瑶华惊恐地看着冰晶般的玉髓在月光下舒展,千年雪莲的十二片花瓣正包裹着三滴凝露。
"这是要剜心头血才能取出来的雪魄!
"她突然捂住嘴,"上月淑妃小产,太医院求了三个月......"沈清欢却盯着从药玉夹层飘落的碎绢,上面残存着"彻查林氏"西个朱砂小楷。
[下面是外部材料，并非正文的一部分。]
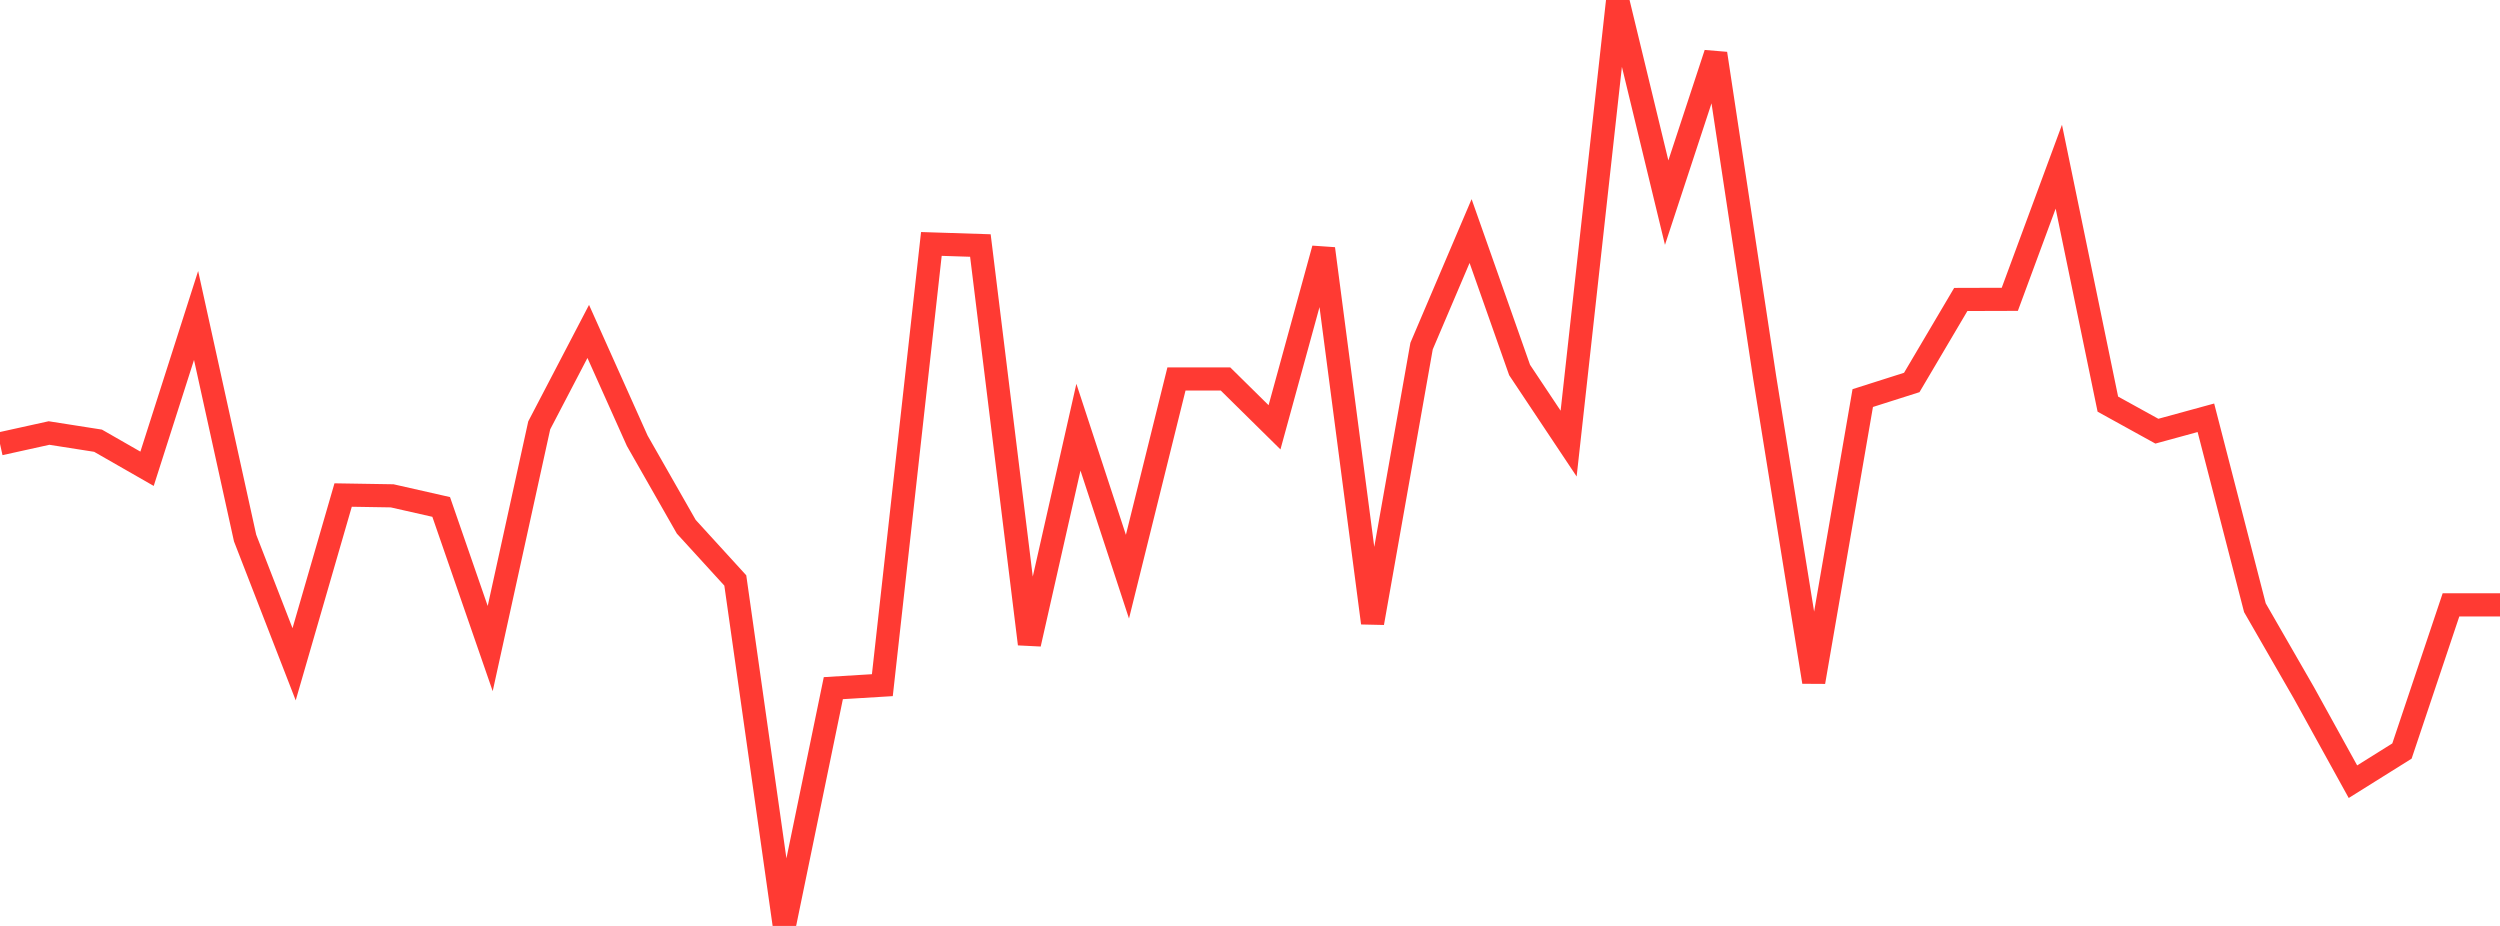 <?xml version="1.0" standalone="no"?>
<!DOCTYPE svg PUBLIC "-//W3C//DTD SVG 1.1//EN" "http://www.w3.org/Graphics/SVG/1.1/DTD/svg11.dtd">

<svg width="135" height="50" viewBox="0 0 135 50" preserveAspectRatio="none" 
  xmlns="http://www.w3.org/2000/svg"
  xmlns:xlink="http://www.w3.org/1999/xlink">


<polyline points="0.0, 23.968 2.647, 23.383 5.294, 23.798 7.941, 25.314 10.588, 17.035 13.235, 29.054 15.882, 35.871 18.529, 26.732 21.176, 26.775 23.824, 27.375 26.471, 35.023 29.118, 22.97 31.765, 17.897 34.412, 23.803 37.059, 28.445 39.706, 31.345 42.353, 50.0 45.0, 37.16 47.647, 36.999 50.294, 13.173 52.941, 13.258 55.588, 34.775 58.235, 23.069 60.882, 31.141 63.529, 20.464 66.176, 20.463 68.824, 23.074 71.471, 13.429 74.118, 33.64 76.765, 18.689 79.412, 12.477 82.059, 19.981 84.706, 23.954 87.353, 0.0 90.0, 10.942 92.647, 2.892 95.294, 20.39 97.941, 36.825 100.588, 21.496 103.235, 20.654 105.882, 16.171 108.529, 16.163 111.176, 9.002 113.824, 21.823 116.471, 23.284 119.118, 22.56 121.765, 32.818 124.412, 37.417 127.059, 42.212 129.706, 40.556 132.353, 32.663 135.0, 32.663" fill="none" stroke="#ff3a33" stroke-width="1.25"/>

</svg>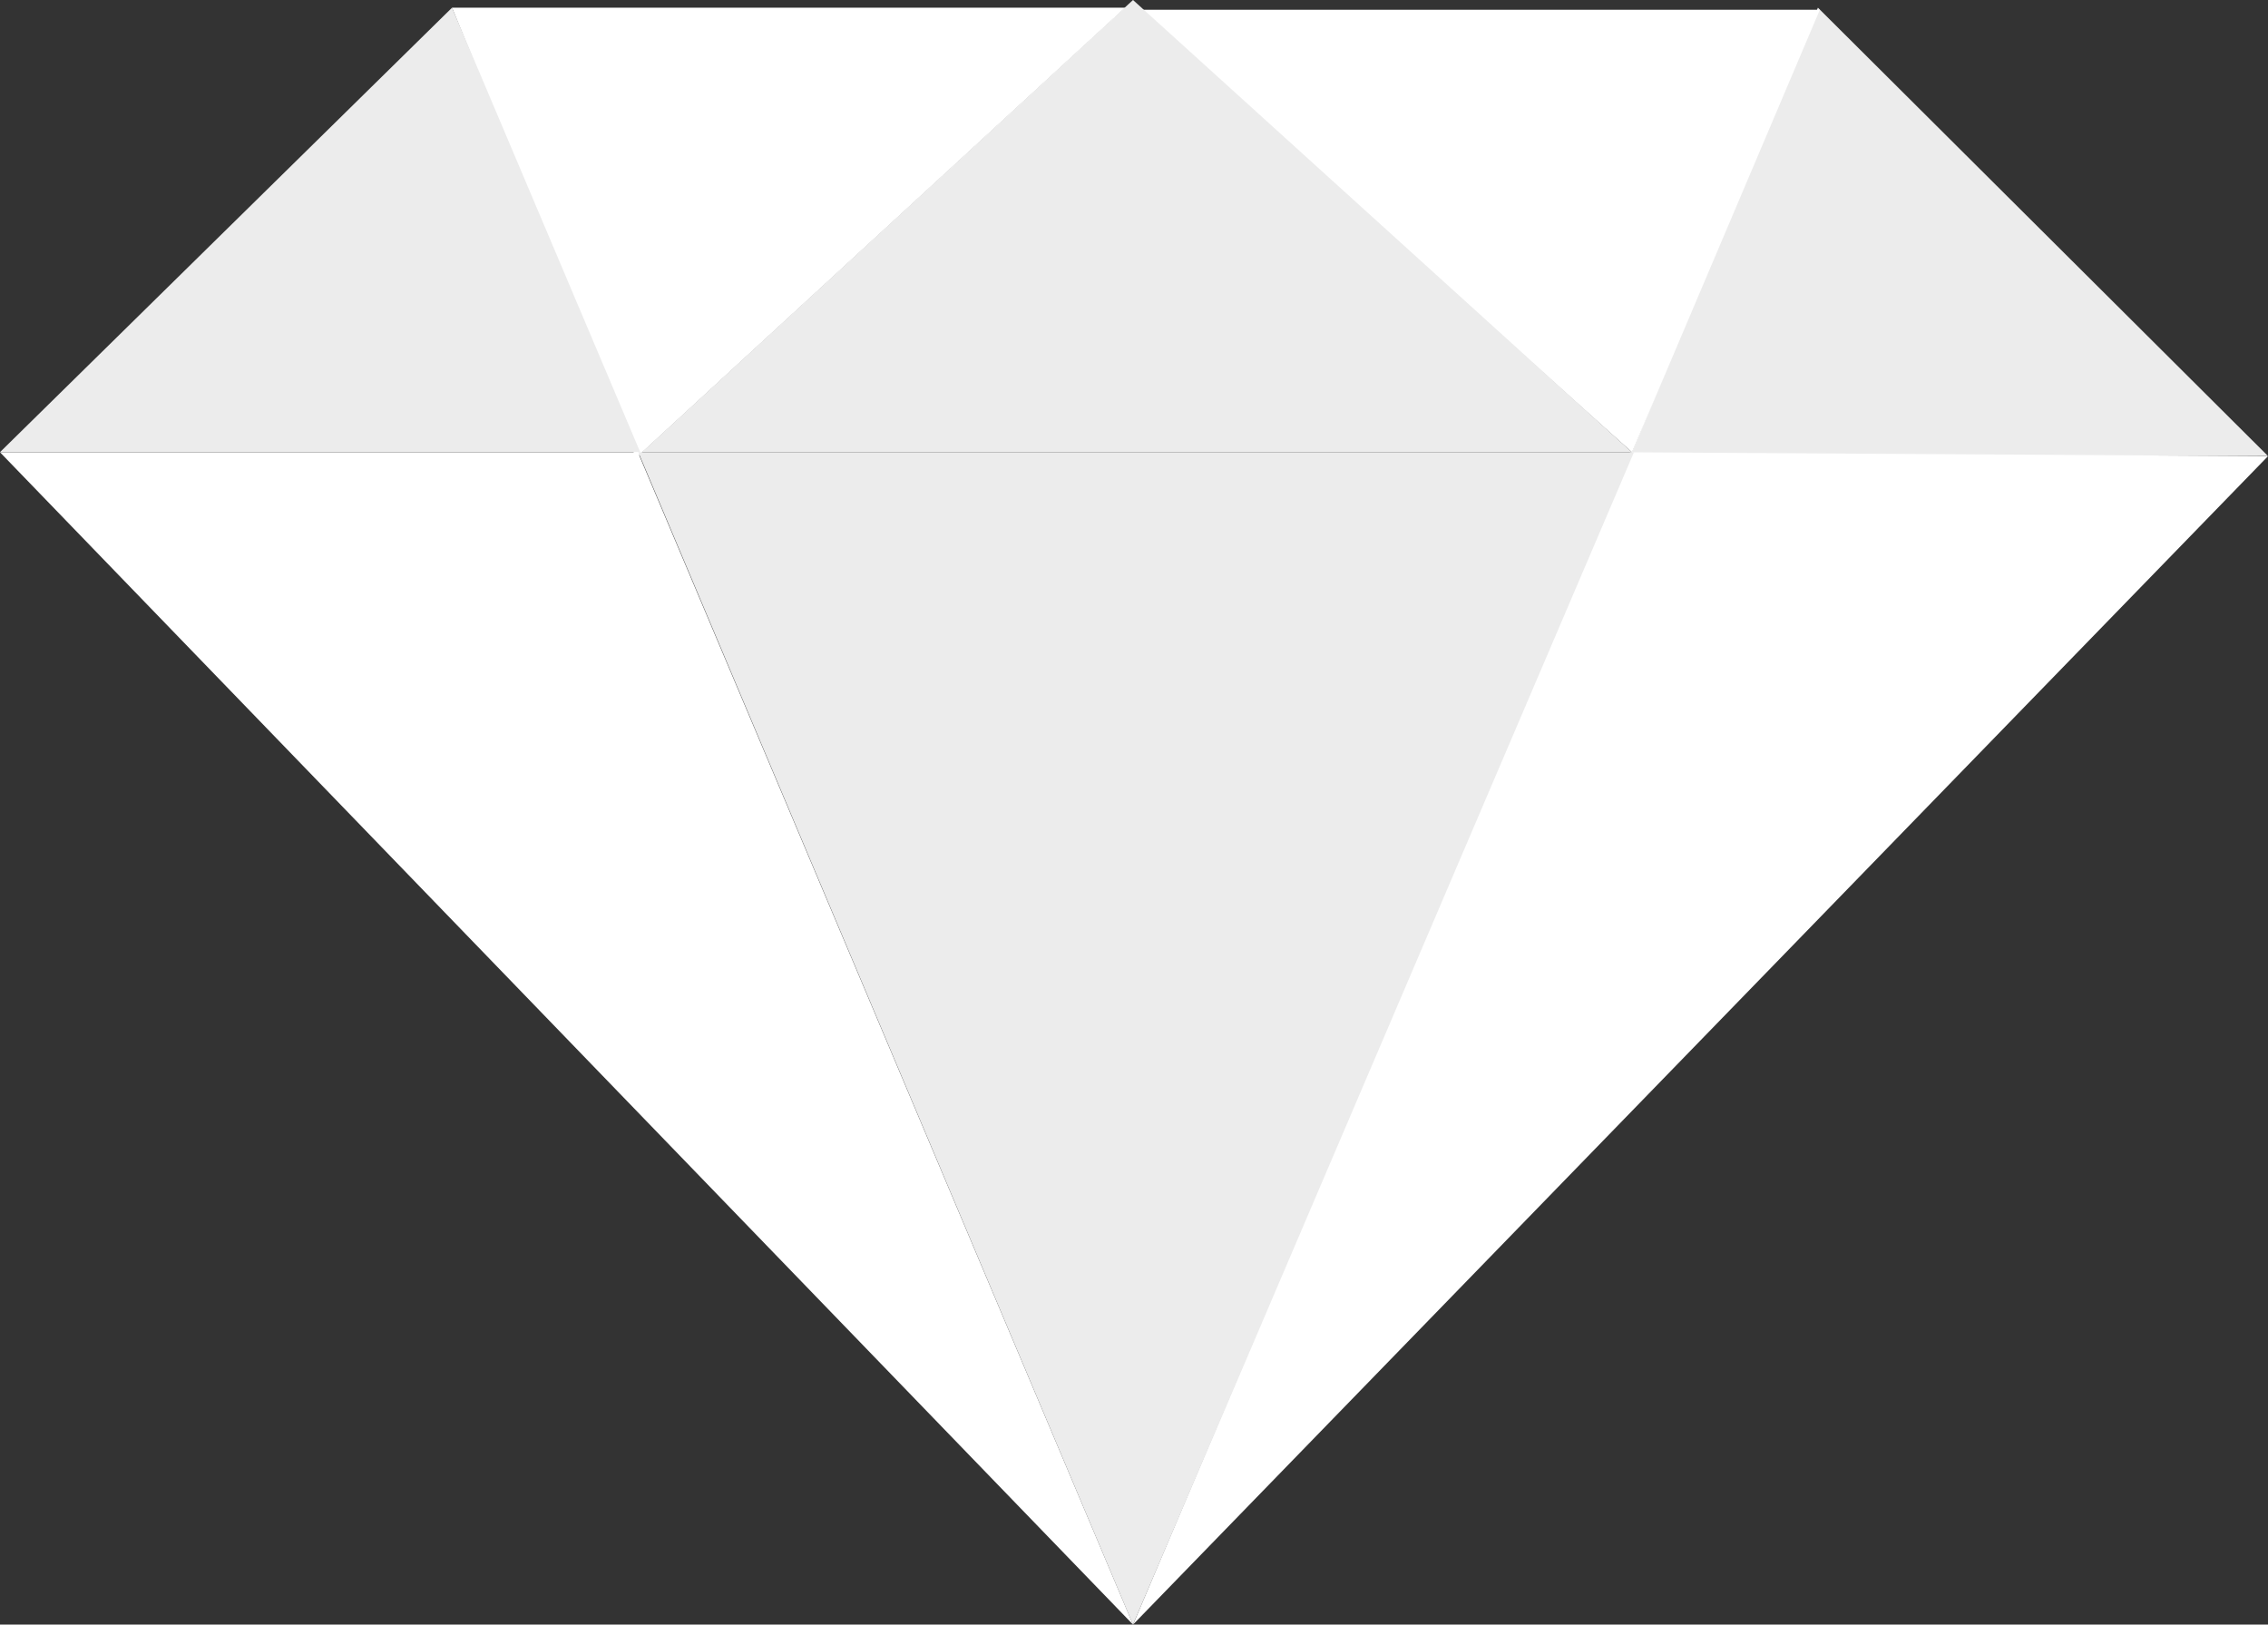 <svg width="74" height="53" viewBox="0 0 74 53" fill="none" xmlns="http://www.w3.org/2000/svg">
<rect x="0" y="0" width="74" height="53" fill="#333333" stroke="none"/>
<path d="M53.185 14.876H73.999L59.314 0.25L53.185 14.876Z" fill="#ECECEC"/>
<path d="M53.249 14.755L37.159 0.318H59.378L53.249 14.755Z" fill="white"/>
<path d="M53.249 14.754H20.942L36.968 0L53.249 14.754Z" fill="#ECECEC"/>
<path d="M20.75 14.94L14.748 0.25H36.712L20.75 14.94Z" fill="white"/>
<path d="M14.749 0.251L0 14.751H20.889L14.749 0.251Z" fill="#ECECEC"/>
<path d="M53.185 14.755L36.968 53L74 14.882L53.185 14.755Z" fill="white"/>
<path d="M53.312 14.755H20.826L36.967 53L53.312 14.755Z" fill="#ECECEC"/>
<path d="M36.968 53L0 14.755H20.814L36.968 53Z" fill="white"/>
</svg>

这是皇帝亲笔的查案密令,边角还沾着顾明渊惯用的龙脑香。
更漏声里,瑶华突然指着窗外惊叫。
沈清欢转头时,正撞见陈太医提着药箱匆匆穿过回廊,他官服下摆沾着几片雪莲花萼,腰间却系着与顾明渊同款的银丝流苏。
"把前日晒的苦参拿来。
"沈清欢突然将雪魄凝露滴在裂开的犀角镯上,"再取三钱朱砂、半两孔雀胆。
"她望着瓷罐里翻涌的药汁轻笑——顾明渊故意露出的密信残角,分明是皇帝要借林美人的胎象清洗后宫。
五更天的梆子声响起时,沈清欢腕间的裂纹己愈合如初。
她将剩下的雪莲凝露喂给窗边的白鹦鹉,看着鸟儿翡翠色的羽毛在晨光中泛起血色纹路。
瑶华端着铜盆进来时,正听见鹦鹉突然开口:"三日之期......三日之期......"雕花窗外,陈太医的官靴印在青石板上蜿蜒成奇异的图案,像极了密信上残缺的朱砂印痕。